Dünya özgür dünya, rejim demokrasi. Blog macerasına başladığımdan beri bir çok blog takip ettim, bir çoğunu da takip etmeyi bıraktım. Çünkü sıkıldım o bıraktıklarımın partizan tavırlarından, dik kafalılıklarından. Bazı arkadaşlar beni kaldırdı blog listelerinden sırf onlarla aynı fikirde değilim diye, bazılarını da ben. Sonuçta sıkıldıysan benim tarzımdan okumazsın Çoban Salata'yı bir daha olur biter. Biz ne birilerini sıkmak ne de mutlu etmek için yazıyoruz yazılarımızı. Tek maksadımız eğlenmek, yaşadıklarımızı, düşündüklerimizi paylaşmak şu blogta. Ve blog tamamen kişisel fikirlere, hayat tarzına dayalı olduğuna göre sıkıldıysan bir daha okumazsın arkadaş. Neden sıkmak isteyim ki ben seni, neden Kaan Kural gibi aynı fanatizme devam edeyim. Ben buyum, sen de sıkılmışsın. Selametle derim en fazla, iyi eğlenceler dilerim internet dünyasında. Sıkılan kim varsa okumasın, ben sıkılmayanlara ötesinde kendime yazıyorum şunları, anıdır, en nihayetinde günlüktür.

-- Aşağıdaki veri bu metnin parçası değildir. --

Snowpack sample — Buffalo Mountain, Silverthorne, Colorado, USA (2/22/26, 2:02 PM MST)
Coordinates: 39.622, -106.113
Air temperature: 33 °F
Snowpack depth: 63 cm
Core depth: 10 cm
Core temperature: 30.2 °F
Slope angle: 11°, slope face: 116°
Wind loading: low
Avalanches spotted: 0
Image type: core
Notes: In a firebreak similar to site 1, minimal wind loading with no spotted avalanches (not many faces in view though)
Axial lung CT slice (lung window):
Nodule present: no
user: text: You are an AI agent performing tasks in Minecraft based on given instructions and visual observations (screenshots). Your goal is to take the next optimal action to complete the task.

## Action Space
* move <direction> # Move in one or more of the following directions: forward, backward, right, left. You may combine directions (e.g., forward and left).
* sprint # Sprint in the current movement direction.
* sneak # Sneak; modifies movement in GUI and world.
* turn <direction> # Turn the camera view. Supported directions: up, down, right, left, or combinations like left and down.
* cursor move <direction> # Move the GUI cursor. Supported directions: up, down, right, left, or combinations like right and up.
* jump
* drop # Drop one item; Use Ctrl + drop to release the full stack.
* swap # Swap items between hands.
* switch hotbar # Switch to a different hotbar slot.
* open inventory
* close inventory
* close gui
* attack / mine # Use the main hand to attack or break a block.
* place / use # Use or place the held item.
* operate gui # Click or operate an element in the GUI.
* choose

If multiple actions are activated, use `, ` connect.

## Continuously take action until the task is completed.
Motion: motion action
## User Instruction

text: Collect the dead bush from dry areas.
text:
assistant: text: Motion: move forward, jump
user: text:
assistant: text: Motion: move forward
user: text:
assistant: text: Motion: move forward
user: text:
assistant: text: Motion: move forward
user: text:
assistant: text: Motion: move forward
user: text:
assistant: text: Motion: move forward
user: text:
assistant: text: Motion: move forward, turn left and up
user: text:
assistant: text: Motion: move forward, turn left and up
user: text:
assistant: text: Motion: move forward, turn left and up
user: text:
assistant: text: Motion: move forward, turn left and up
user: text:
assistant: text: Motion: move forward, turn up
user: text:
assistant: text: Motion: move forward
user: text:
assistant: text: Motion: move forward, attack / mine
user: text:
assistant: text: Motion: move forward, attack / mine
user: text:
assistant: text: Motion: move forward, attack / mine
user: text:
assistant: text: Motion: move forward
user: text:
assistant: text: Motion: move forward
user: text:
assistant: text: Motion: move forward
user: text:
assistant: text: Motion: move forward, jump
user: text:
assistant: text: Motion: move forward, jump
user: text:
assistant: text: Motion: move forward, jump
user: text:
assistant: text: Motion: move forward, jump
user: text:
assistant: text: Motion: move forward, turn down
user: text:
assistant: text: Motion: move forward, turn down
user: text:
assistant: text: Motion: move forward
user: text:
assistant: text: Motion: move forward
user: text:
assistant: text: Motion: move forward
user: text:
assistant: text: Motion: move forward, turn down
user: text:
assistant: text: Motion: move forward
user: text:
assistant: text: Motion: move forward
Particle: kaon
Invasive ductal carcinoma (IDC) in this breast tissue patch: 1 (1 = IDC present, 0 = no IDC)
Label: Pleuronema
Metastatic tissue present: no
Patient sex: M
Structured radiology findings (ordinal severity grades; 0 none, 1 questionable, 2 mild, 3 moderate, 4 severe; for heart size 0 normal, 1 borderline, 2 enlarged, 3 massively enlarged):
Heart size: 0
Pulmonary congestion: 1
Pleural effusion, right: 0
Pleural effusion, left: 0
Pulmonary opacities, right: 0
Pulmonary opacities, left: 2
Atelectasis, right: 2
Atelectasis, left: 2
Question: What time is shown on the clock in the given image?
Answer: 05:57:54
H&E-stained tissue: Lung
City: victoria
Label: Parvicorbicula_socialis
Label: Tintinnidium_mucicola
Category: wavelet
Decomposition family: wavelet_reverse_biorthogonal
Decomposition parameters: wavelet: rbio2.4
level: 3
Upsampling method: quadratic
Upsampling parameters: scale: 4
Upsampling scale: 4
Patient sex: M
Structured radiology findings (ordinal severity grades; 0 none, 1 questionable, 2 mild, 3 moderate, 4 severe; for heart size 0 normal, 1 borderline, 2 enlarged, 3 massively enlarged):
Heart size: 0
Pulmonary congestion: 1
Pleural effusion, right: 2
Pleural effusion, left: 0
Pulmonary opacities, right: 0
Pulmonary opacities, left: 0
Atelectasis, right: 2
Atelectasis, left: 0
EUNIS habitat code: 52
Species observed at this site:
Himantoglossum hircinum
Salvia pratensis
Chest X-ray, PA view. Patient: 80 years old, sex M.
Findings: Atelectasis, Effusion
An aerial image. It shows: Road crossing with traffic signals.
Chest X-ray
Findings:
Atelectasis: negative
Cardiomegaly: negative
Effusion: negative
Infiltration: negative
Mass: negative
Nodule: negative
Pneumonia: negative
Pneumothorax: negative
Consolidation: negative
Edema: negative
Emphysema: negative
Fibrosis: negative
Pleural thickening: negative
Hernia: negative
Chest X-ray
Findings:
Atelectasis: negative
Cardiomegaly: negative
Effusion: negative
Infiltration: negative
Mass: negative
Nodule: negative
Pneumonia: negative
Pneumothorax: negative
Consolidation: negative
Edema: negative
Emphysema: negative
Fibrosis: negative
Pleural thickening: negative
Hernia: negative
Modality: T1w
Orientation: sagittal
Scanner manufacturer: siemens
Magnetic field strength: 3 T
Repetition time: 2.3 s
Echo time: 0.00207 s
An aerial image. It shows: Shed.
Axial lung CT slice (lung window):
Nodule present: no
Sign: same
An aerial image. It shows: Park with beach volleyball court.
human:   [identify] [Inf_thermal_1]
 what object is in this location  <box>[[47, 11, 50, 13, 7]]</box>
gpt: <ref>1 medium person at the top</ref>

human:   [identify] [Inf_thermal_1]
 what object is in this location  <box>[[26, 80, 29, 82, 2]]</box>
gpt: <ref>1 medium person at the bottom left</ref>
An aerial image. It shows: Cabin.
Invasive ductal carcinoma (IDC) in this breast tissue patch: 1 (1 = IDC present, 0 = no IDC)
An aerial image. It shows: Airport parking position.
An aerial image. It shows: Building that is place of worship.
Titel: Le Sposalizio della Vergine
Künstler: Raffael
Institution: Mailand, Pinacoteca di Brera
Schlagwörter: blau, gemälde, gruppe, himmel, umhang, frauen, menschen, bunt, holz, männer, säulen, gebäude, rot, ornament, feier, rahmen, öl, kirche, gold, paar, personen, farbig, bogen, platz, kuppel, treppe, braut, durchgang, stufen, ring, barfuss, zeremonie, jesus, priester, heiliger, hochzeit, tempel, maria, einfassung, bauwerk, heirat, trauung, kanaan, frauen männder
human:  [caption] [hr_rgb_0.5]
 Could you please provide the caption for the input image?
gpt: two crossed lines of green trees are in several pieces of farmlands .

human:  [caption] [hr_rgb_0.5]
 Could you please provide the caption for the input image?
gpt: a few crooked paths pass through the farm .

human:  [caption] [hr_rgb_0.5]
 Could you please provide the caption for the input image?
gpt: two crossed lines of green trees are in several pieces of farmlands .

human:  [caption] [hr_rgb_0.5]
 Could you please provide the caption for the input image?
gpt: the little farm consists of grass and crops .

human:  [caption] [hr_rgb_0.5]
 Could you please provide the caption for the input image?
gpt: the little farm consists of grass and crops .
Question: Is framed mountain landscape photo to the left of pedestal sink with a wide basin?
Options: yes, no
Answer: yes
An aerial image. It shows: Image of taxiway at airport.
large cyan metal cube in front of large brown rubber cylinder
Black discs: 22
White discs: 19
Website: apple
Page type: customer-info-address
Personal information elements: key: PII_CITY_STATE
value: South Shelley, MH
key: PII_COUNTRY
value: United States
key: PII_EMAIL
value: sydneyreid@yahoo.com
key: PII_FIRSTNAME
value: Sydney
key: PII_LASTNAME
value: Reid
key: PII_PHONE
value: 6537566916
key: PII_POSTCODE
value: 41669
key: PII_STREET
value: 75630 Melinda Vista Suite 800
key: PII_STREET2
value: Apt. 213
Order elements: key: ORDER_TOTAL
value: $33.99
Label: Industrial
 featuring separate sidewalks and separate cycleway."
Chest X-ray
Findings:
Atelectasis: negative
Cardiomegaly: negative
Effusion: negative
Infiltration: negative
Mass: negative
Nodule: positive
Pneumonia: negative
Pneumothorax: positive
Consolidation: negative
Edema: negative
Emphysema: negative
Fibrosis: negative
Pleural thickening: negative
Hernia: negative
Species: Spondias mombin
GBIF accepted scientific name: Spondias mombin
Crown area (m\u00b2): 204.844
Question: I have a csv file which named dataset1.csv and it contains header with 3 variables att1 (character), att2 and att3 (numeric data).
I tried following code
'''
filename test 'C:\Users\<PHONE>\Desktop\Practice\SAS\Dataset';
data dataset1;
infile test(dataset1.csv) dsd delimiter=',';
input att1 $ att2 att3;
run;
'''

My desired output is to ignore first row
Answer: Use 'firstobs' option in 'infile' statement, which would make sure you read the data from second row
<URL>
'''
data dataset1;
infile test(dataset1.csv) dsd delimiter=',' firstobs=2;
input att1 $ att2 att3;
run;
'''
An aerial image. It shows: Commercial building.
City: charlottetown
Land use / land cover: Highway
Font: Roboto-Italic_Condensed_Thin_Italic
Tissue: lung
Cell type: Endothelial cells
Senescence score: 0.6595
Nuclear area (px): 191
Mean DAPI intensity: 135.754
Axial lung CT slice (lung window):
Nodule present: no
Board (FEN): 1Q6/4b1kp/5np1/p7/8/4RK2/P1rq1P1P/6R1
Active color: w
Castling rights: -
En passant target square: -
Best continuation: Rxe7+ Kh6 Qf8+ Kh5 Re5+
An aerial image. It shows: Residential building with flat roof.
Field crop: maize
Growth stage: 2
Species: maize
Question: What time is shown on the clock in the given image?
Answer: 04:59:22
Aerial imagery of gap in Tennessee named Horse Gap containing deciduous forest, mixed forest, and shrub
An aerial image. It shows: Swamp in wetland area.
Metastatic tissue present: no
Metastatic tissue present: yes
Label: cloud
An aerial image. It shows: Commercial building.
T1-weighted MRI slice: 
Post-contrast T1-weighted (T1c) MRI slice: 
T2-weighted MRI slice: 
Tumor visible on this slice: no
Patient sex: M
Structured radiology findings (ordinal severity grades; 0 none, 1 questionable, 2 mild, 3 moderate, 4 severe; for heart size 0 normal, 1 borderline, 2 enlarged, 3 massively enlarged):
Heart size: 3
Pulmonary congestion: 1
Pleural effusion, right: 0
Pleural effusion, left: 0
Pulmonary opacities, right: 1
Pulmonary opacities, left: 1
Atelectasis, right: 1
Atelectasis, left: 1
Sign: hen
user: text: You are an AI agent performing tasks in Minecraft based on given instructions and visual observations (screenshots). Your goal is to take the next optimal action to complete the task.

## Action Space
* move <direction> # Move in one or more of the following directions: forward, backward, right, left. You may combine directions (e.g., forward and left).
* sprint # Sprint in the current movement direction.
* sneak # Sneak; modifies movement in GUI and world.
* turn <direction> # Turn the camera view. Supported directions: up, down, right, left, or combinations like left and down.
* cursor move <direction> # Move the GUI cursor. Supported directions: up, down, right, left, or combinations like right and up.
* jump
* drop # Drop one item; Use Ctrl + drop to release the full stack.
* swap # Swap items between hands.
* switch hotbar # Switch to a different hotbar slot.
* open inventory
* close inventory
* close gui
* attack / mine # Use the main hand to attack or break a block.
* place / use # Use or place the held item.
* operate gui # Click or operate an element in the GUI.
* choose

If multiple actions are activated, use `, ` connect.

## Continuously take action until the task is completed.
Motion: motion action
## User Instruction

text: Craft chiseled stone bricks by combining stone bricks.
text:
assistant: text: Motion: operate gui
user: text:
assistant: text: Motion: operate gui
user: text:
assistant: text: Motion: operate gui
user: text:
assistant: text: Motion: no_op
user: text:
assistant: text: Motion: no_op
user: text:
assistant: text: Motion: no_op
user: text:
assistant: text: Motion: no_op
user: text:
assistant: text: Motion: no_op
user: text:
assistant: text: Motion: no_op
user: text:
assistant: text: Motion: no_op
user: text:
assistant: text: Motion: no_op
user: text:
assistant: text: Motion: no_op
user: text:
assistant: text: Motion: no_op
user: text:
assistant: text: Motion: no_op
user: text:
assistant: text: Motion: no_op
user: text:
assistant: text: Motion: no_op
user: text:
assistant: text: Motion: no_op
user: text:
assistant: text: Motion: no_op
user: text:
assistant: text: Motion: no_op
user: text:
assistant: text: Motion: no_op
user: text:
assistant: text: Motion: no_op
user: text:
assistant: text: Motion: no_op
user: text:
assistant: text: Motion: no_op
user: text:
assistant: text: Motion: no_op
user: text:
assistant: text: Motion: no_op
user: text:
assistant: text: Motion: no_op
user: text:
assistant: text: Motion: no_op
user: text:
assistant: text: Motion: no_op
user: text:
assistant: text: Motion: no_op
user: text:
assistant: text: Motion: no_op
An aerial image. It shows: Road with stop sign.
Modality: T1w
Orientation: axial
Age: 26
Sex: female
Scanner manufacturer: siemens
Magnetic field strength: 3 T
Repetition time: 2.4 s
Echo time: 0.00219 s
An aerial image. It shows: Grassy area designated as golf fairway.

Salla gitsin İsmail, rahat ol.

muribbi dedi ki...

bir blog sahibi tarafındanda hiç azar işitmemiştim oda oldu :)

kısa yazdığım için tam anlatamadım galiba, sıkıldığım şey asla çoban salata blogu olmadı. kaan kural paragraflarının bu kadar istikrarlı bir şekilde gelmesine takıldım. bir kez yazılır iki kez yazılır tamam ama bunun bu kadar devam etmesinin altında farklı sebebler mi var demekten kendimi alamıyorum.

ben boston u desteklerim. ama orlando yazılarınında okumaktan çekinmem. zaten eloğlunun takımınıda büyük bir heyecanla saveceğimde yok. burada aslolan basketbol izlemekten başkası değil. işler basketboldan uzaklaşınca hoşnutsuzluğumu dile getirmek istedim.